Sistem ini tetap mempertahankan aliran sungai selama 24 jam, hanya menggunakan bendungan atau tanggul berukuran cukup kecil sebagai penahan atau gerbang air. "Kita hanya pinjam, air sungainya kita diversi sedikit ke sekitar sisi sungai, kita terjunkan ke turbin, kemudian kembalikan lagi pada sistem sungai," ujar Darmawan.
PLTA Poso menyumbang sekitar 10,69 persen dari total bauran energi baru terbarukan atau EBT sistem kelistrikan Sulawesi Bagian Selatan. PLTA Poso menjadi salah satu proyek dengan kapasitas besar, menjadi peaker dan follower di sistem kelistrikan Sulawesi.
Pembangkit ini juga mampu menurunkan biaya produksi listrik sehingga menjadi bukti pengembangan EBT makin kompetitif. Pembangkit ramah lingkungan ini telah terinterkoneksi dengan saluran transmisi 275 kV ke Provinsi Sulawesi Selatan.

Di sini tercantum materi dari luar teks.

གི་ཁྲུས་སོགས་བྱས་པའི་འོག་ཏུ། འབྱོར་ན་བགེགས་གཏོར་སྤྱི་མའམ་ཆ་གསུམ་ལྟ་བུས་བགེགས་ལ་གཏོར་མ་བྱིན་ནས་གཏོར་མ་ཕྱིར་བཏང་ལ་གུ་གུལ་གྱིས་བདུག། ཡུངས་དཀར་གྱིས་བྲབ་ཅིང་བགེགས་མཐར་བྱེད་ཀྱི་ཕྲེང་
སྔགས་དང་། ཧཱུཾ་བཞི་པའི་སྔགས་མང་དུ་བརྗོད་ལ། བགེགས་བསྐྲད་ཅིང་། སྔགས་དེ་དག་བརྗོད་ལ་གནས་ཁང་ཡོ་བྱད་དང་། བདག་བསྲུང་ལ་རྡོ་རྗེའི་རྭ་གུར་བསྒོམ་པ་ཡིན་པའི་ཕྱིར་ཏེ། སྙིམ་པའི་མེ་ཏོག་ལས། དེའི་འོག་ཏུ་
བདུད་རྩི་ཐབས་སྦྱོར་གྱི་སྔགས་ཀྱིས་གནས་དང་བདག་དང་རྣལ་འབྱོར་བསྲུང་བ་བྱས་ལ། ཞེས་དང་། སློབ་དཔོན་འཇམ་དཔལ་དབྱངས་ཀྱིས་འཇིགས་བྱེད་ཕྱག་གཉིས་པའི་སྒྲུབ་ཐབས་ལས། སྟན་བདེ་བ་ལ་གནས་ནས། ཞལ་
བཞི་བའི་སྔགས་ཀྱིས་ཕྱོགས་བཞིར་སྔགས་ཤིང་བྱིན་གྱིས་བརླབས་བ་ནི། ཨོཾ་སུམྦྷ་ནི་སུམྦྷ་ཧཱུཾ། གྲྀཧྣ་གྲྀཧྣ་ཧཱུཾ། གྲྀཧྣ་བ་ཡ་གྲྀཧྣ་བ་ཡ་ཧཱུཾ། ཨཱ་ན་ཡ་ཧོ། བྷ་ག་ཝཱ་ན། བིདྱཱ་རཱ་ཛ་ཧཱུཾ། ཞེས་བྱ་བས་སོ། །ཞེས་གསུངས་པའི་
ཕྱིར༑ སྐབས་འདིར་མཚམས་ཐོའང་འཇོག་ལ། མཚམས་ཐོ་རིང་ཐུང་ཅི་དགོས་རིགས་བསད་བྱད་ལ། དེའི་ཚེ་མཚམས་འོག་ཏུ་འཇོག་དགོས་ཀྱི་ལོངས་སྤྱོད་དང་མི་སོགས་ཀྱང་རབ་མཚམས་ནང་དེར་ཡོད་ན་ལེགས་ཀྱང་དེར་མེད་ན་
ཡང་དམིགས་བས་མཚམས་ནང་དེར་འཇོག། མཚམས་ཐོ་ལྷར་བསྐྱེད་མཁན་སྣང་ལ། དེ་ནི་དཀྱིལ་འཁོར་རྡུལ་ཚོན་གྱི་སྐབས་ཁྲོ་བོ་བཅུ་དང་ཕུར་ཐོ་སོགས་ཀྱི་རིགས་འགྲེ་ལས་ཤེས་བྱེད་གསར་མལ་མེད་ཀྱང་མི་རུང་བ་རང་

Tak hanya itu, PLTA Poso juga telah tersambung dengan saluran transmisi 150 kV dari pembangkit ke Kota Palu, Sulawesi Tengah.
Adapun PLTA Malea yang berkapasitas 90 MW berada di Tana Roraja, Sulawesi Selatan. Pembangkit ini dikembangkan oleh PT Malea Energy, anak usaha PT Bukaka Teknik Utama yang juga milik Kalla Group. Pengoperasian dua pembangkit ini telah meningkatkan bauran EBT di Pulau Sulawesi mencapai 38,8 persen.
Dewan Penasehat Kalla Grup, Jusuf Kalla menyebut pengerjaan PLTA ini menyerap hingga 2.000 tenaga kerja. Sebanyak 80 persen dari pekerja ini berasal dari warga lokal. "Hanya chief engineer saja yang datang, yang punya pengalaman. Sisanya semuanya dikerjakan oleh anak bangsa. Tingkat Komponen Dalam Negeri (TKDN)-nya juga besar," kata pria yang akrab disapa JK tersebut.
Ia menjelaskan kebutuhan biaya untuk membangun kedua PLTA berkapasitas total 605 MW ini mencapai US$ 1,2 miliar atau Rp 17,1 triliun (asumsi kurs Rp 14.300 per dolar AS). Angka ini umumnya dua kali lipat dari PLTU.
Jusuf Kalla mengakui bahwa dibutuhkan nilai investasi yang besar di awal untuk mengembangkan EBT dengan PLTA. "Hanya saja, secara operasionalnya ke depan jauh lebih murah. Sedangkan jika PLTU, investasi di depannya memang murah namun ongkos operasionalnya mahal."
BISNIS
Baca: Harga Minyak Dunia Melorot ke USD 94,12 Usai Capai Rekor Tertinggi, Kenapa?
Selalu update info terkini. Simak breaking news dan berita pilihan dari Tempo.co di kanal Telegram “Tempo.co Update”. Klik https://t.me/tempodotcoupdate untuk bergabung. Anda perlu meng-install aplikasi Telegram terlebih dahulu.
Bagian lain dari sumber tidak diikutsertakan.